**Try it**:
An exact copy of every entry is needed, with the images left out.

Records excerpted from a collection:
◇ ◇ ◇

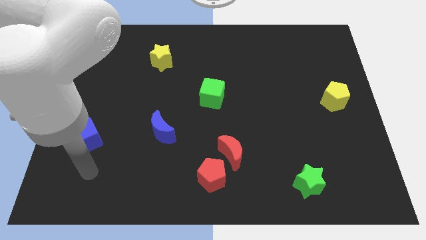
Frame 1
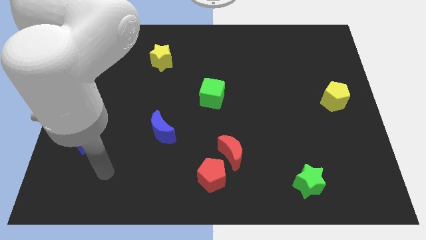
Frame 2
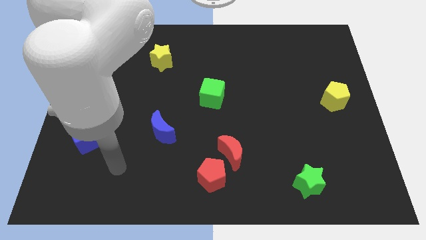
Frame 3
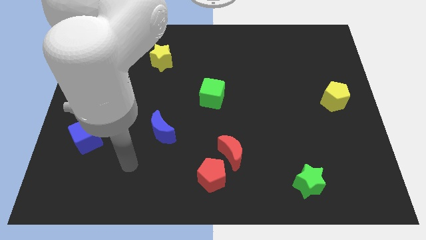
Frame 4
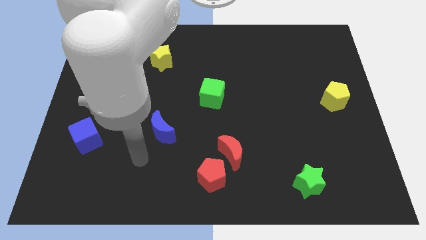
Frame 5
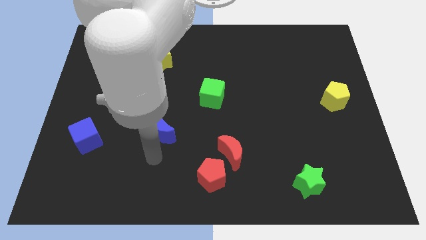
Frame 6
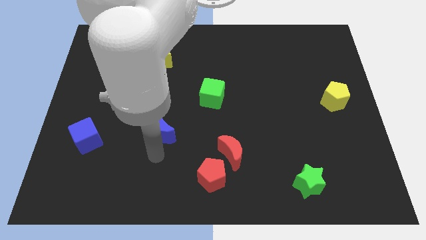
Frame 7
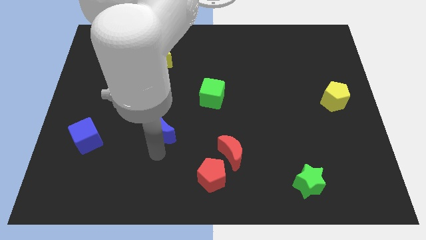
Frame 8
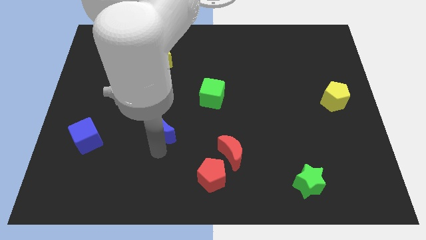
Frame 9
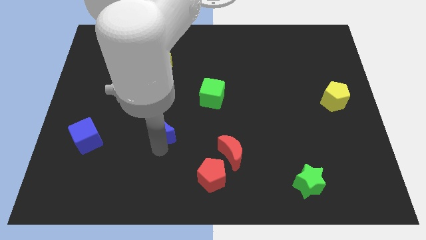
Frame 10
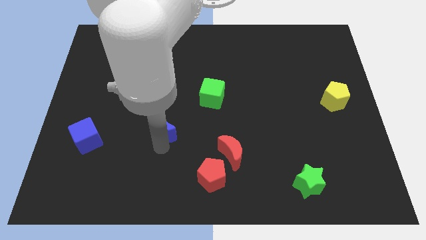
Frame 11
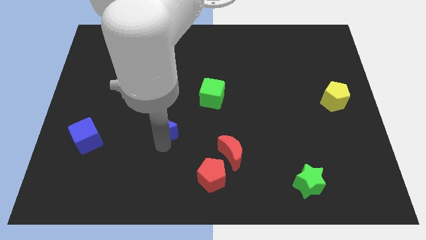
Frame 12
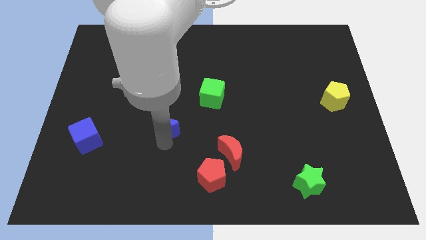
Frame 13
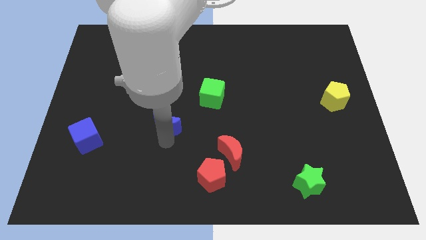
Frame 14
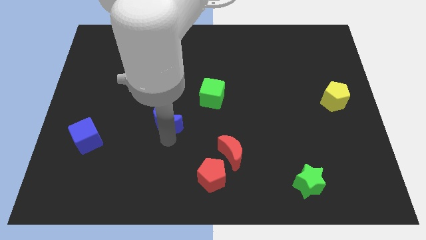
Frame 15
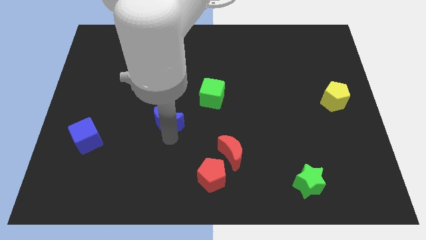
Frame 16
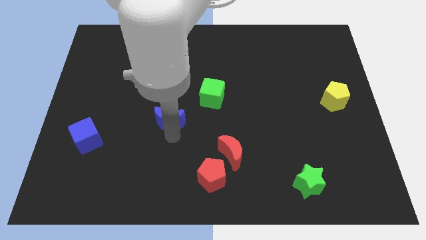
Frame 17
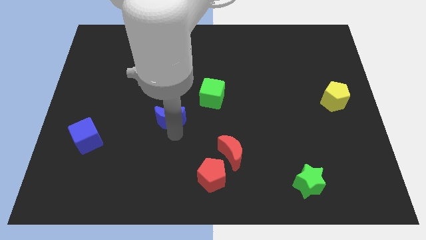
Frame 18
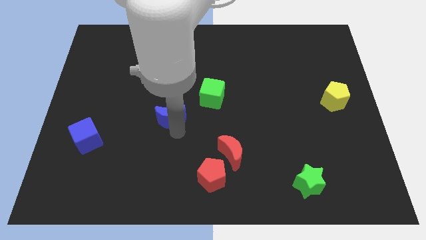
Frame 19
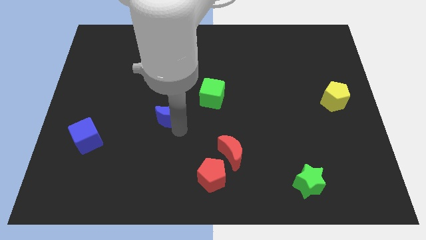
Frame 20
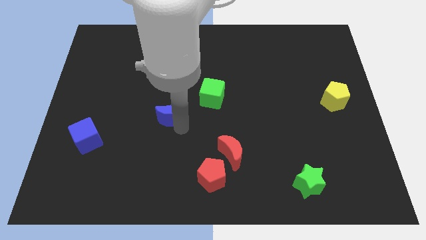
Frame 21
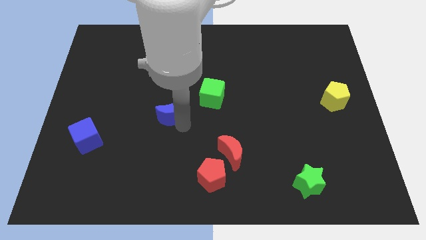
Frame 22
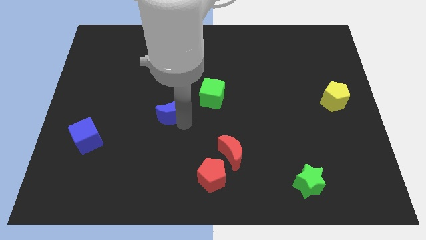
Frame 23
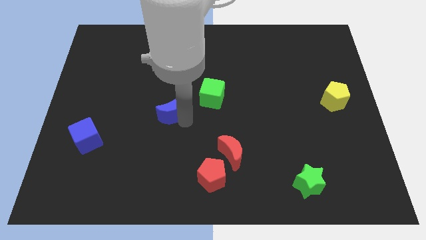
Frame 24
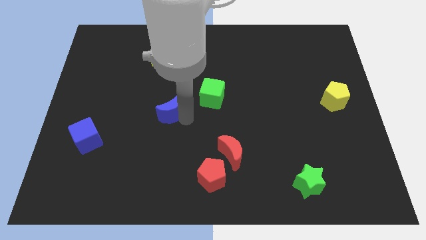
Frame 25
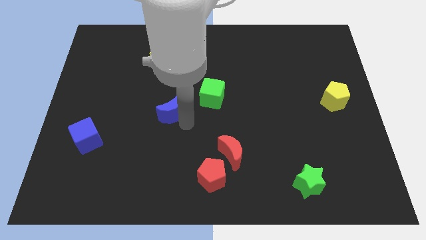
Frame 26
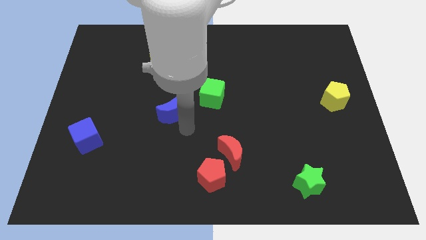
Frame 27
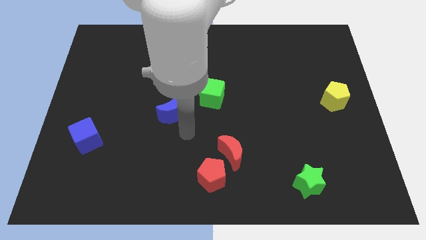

◇ ◇ ◇

**Exercise output**:
Frame 1
Frame 2
Frame 3
Frame 4
Frame 5
Frame 6
Frame 7
Frame 8
Frame 9
Frame 10
Frame 11
Frame 12
Frame 13
Frame 14
Frame 15
Frame 16
Frame 17
Frame 18
Frame 19
Frame 20
Frame 21
Frame 22
Frame 23
Frame 24
Frame 25
Frame 26
Frame 27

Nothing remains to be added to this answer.